═══ MATERIAL PROVIDED ═══

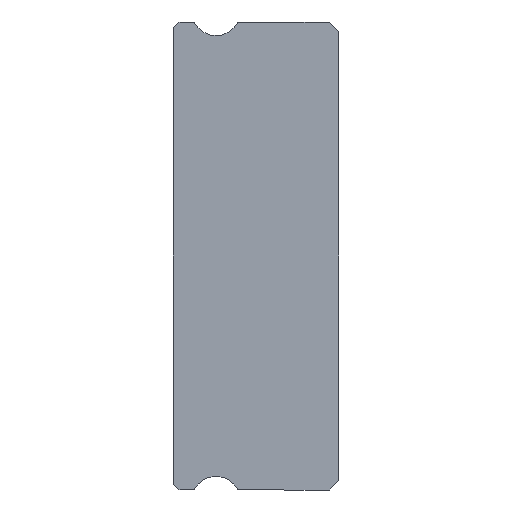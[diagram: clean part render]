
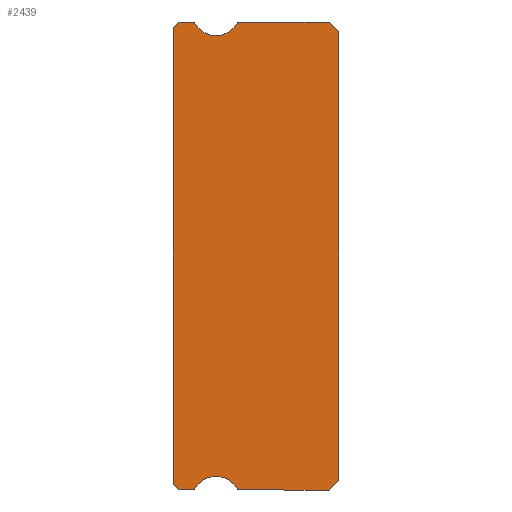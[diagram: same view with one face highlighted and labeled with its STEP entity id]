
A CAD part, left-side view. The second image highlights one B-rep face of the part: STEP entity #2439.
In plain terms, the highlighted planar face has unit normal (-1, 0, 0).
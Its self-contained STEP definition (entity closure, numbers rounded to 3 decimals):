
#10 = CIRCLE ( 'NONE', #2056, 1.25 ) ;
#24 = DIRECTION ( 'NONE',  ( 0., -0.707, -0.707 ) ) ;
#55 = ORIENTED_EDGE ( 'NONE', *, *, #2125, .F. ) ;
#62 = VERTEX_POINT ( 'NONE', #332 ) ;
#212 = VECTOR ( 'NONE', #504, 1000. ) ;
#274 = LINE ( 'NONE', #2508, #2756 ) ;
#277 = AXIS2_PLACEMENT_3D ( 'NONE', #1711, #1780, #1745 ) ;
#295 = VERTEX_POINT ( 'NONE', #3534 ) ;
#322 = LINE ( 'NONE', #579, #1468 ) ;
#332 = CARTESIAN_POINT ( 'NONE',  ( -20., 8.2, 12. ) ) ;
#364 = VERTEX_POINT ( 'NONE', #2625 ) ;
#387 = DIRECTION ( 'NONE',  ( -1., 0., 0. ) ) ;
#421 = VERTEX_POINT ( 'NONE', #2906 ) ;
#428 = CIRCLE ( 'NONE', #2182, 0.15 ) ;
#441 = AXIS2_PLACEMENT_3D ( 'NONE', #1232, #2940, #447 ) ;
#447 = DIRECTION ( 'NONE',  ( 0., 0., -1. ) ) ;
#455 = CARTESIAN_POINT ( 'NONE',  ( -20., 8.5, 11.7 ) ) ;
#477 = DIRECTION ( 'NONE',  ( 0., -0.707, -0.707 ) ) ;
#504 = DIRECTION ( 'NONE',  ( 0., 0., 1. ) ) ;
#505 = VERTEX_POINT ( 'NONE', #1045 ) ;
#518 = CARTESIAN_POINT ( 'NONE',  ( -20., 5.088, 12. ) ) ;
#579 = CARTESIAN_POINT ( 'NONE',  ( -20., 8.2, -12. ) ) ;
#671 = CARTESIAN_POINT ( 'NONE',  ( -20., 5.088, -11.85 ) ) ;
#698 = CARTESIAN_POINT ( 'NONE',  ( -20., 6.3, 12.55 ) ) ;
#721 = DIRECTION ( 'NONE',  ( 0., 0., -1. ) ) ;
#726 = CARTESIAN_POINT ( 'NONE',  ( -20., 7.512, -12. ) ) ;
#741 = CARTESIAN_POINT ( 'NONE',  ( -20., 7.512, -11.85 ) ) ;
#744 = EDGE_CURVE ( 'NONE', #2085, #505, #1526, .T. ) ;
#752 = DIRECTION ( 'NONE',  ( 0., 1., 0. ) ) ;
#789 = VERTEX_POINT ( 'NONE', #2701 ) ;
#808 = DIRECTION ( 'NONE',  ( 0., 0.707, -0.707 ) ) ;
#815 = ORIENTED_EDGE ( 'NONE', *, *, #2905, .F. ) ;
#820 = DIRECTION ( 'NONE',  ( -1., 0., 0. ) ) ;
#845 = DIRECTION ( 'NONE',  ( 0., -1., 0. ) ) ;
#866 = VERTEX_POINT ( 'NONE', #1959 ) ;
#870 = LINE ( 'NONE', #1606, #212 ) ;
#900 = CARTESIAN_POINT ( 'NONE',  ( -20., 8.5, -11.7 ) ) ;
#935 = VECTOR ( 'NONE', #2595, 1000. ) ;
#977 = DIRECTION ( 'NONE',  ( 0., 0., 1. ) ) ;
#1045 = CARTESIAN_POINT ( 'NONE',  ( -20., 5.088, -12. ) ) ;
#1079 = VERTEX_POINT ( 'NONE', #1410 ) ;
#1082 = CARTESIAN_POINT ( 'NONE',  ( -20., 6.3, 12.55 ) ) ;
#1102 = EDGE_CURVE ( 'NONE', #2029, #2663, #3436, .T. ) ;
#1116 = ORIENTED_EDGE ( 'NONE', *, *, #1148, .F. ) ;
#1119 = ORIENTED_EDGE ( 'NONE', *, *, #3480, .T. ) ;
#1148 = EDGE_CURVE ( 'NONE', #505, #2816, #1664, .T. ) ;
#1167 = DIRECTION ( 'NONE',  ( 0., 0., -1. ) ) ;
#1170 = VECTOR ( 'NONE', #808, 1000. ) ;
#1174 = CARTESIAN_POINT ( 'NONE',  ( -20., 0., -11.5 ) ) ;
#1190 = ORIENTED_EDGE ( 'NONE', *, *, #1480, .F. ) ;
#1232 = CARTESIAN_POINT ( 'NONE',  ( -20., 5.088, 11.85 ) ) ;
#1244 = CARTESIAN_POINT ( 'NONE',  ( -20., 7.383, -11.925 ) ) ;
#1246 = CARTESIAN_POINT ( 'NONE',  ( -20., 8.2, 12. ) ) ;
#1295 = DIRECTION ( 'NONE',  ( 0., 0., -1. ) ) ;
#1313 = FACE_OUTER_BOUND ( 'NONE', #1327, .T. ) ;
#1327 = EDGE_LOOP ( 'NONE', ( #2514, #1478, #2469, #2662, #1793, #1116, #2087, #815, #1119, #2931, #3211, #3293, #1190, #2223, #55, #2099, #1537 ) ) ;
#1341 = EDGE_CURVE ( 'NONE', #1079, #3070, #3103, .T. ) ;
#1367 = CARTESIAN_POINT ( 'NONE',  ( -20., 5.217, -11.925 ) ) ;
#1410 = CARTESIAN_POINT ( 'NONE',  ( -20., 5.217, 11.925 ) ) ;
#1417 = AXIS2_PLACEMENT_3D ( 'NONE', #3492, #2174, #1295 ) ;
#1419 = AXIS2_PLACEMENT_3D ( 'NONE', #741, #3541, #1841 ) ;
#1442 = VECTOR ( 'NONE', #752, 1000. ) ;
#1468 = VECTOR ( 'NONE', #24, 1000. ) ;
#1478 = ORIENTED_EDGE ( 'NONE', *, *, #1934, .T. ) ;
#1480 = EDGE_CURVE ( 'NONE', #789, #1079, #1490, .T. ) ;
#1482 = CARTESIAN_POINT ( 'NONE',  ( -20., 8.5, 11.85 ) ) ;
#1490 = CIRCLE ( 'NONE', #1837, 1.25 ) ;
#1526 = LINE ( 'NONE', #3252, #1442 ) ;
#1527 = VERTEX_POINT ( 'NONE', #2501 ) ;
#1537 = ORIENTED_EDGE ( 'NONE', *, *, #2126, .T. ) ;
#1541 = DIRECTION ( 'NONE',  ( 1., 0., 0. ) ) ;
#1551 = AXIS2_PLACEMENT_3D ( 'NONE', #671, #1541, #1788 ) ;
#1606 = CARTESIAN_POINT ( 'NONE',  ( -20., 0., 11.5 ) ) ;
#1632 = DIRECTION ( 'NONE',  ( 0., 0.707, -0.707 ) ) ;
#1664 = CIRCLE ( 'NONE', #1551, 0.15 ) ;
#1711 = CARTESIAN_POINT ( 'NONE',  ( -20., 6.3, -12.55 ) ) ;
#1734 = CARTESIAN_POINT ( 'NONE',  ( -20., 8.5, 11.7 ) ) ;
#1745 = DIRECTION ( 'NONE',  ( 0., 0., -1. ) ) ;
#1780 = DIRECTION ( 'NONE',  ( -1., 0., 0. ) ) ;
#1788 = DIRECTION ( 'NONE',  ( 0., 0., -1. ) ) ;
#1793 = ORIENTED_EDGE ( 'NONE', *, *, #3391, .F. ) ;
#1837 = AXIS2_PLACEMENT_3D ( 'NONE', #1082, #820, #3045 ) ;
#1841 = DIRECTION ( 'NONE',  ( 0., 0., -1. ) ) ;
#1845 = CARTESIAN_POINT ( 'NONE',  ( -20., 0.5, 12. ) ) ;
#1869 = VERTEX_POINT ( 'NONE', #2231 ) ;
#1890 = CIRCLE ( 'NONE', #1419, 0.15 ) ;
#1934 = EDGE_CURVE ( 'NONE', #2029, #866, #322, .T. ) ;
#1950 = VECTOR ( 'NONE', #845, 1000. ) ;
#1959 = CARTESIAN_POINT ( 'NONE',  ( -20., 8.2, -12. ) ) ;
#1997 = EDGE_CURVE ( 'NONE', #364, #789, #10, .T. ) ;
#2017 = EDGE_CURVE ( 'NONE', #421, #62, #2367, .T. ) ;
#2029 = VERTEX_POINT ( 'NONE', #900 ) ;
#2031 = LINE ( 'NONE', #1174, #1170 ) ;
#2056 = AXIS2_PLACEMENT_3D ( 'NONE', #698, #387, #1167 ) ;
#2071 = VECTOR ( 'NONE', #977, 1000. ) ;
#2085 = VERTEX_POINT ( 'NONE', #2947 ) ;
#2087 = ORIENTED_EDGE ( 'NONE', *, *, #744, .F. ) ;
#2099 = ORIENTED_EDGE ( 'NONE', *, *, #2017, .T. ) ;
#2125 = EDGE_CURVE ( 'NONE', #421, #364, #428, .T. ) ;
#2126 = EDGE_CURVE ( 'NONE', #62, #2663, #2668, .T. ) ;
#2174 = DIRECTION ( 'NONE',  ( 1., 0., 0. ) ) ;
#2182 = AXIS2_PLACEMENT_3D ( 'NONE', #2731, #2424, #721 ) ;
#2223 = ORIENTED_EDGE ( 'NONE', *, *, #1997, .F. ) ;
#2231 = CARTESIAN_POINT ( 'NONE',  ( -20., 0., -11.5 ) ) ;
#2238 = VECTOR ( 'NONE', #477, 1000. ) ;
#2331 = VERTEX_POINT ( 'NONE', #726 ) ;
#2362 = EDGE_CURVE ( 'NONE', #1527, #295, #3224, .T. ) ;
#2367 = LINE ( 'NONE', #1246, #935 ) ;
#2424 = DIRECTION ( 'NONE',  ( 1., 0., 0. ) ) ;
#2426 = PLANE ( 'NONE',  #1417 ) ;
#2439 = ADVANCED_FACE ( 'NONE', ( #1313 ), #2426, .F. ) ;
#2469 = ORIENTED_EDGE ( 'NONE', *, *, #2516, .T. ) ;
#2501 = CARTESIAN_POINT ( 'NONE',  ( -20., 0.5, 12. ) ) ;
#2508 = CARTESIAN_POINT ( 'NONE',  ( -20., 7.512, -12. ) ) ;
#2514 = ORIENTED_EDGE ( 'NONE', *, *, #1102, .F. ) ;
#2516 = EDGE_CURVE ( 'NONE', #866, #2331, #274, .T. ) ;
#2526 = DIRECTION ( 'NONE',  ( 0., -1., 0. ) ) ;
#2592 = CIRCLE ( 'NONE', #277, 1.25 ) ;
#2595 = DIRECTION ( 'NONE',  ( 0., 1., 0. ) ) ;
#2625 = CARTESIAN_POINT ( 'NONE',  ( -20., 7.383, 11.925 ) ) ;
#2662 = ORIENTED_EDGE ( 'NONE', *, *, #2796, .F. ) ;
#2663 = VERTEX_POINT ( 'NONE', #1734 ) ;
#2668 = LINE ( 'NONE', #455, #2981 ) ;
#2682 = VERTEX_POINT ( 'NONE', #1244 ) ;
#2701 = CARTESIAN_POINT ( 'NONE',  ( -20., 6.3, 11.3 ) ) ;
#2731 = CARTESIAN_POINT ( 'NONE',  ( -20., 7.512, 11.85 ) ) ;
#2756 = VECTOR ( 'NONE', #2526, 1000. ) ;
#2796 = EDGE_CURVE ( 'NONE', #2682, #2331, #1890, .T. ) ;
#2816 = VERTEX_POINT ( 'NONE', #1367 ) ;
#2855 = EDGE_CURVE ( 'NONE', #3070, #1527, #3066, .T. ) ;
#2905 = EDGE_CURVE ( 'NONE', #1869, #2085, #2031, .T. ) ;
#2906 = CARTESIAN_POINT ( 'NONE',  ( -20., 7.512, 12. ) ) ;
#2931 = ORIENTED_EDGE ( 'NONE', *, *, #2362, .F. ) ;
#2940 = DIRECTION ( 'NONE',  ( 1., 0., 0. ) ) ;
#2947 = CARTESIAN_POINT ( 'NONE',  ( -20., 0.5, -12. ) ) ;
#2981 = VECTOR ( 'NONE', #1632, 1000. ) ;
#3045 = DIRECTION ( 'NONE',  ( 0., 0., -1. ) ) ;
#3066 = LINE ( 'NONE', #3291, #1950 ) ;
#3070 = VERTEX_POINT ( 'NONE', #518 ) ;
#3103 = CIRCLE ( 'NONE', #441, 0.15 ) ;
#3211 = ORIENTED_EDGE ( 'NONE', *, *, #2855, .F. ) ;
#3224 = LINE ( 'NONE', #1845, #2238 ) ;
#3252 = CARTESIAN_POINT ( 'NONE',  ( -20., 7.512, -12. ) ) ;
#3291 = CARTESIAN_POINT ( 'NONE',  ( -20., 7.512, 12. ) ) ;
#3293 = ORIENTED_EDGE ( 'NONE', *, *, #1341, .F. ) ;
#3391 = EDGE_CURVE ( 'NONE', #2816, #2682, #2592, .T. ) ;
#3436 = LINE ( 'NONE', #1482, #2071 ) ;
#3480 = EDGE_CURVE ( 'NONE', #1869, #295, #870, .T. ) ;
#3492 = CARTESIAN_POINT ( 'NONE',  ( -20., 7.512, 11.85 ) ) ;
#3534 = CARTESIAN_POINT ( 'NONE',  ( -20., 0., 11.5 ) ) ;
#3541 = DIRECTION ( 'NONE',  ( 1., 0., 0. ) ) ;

═══

◆ YOUR OBJECTIVE ◆
Only the lines containing the string "VECTOR" are needed; pull them out of the records.

◆ TASK RESPONSE ◆
#212 = VECTOR ( 'NONE', #504, 1000. ) ;
#935 = VECTOR ( 'NONE', #2595, 1000. ) ;
#1170 = VECTOR ( 'NONE', #808, 1000. ) ;
#1442 = VECTOR ( 'NONE', #752, 1000. ) ;
#1468 = VECTOR ( 'NONE', #24, 1000. ) ;
#1950 = VECTOR ( 'NONE', #845, 1000. ) ;
#2071 = VECTOR ( 'NONE', #977, 1000. ) ;
#2238 = VECTOR ( 'NONE', #477, 1000. ) ;
#2756 = VECTOR ( 'NONE', #2526, 1000. ) ;
#2981 = VECTOR ( 'NONE', #1632, 1000. ) ;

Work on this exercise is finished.